*** Opening of The input ***
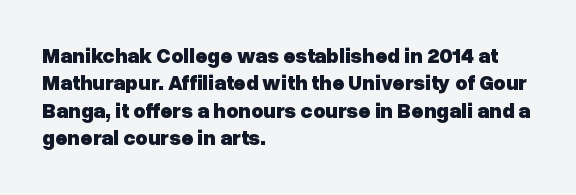
Q: Is the text bold? A: Yes.
Q: Is the text italic (slanted)? A: No, it is upright.
Q: Is the text underlined? A: No.
Q: How is the paragraph aligned? A: Left-aligned.
Q: Is the spacing between letters normal or unusually wide? A: Normal.
Q: Is the spacing between lines tight, normal or loose? A: Normal.
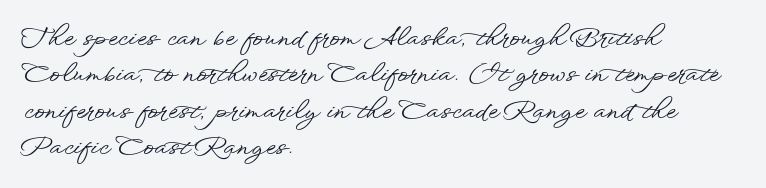
Q: Is the text italic (slanted)? A: Yes.
Q: Is the text underlined? A: No.
Q: How is the paragraph aligned? A: Left-aligned.
Q: Is the spacing between letters normal or unusually wide? A: Normal.
Q: Is the spacing between lines tight, normal or loose? A: Normal.
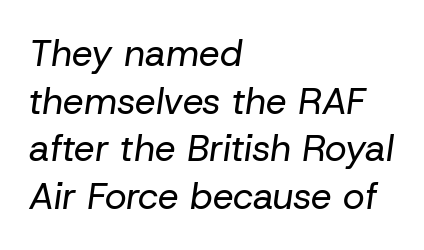
Glance below the letters and you will spot only blank space. Does extra space separate the letters? No, they use regular spacing. Compared with ordinary roman type, these characters are visibly tilted. The font is comparable to plain body text, perhaps lighter. Character widths vary here, with narrow letters taking less room than wide ones.
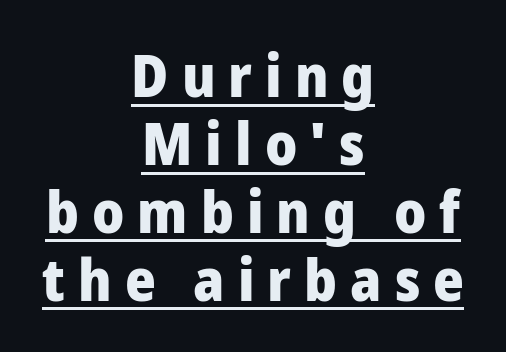
Tracking value appears strongly positive — letters spread wide. Does the copy run flush right? No — it is centered line by line. Spacing verdict: proportional, widths tailored to each character. Nope, not italic — everything's standing straight. Look at the stroke-to-counter ratio: heavy, a bold.
*** Close of The input ***
Task description
Report, from the entries above, each line where "letters" is found.

Task answer
Q: Is the spacing between letters normal or unusually wide? A: Normal.
Q: Is the spacing between letters normal or unusually wide? A: Normal.
Glance below the letters and you will spot only blank space. Does extra space separate the letters? No, they use regular spacing. Compared with ordinary roman type, these characters are visibly tilted. The font is comparable to plain body text, perhaps lighter. Character widths vary here, with narrow letters taking less room than wide ones.
Tracking value appears strongly positive — letters spread wide. Does the copy run flush right? No — it is centered line by line. Spacing verdict: proportional, widths tailored to each character. Nope, not italic — everything's standing straight. Look at the stroke-to-counter ratio: heavy, a bold.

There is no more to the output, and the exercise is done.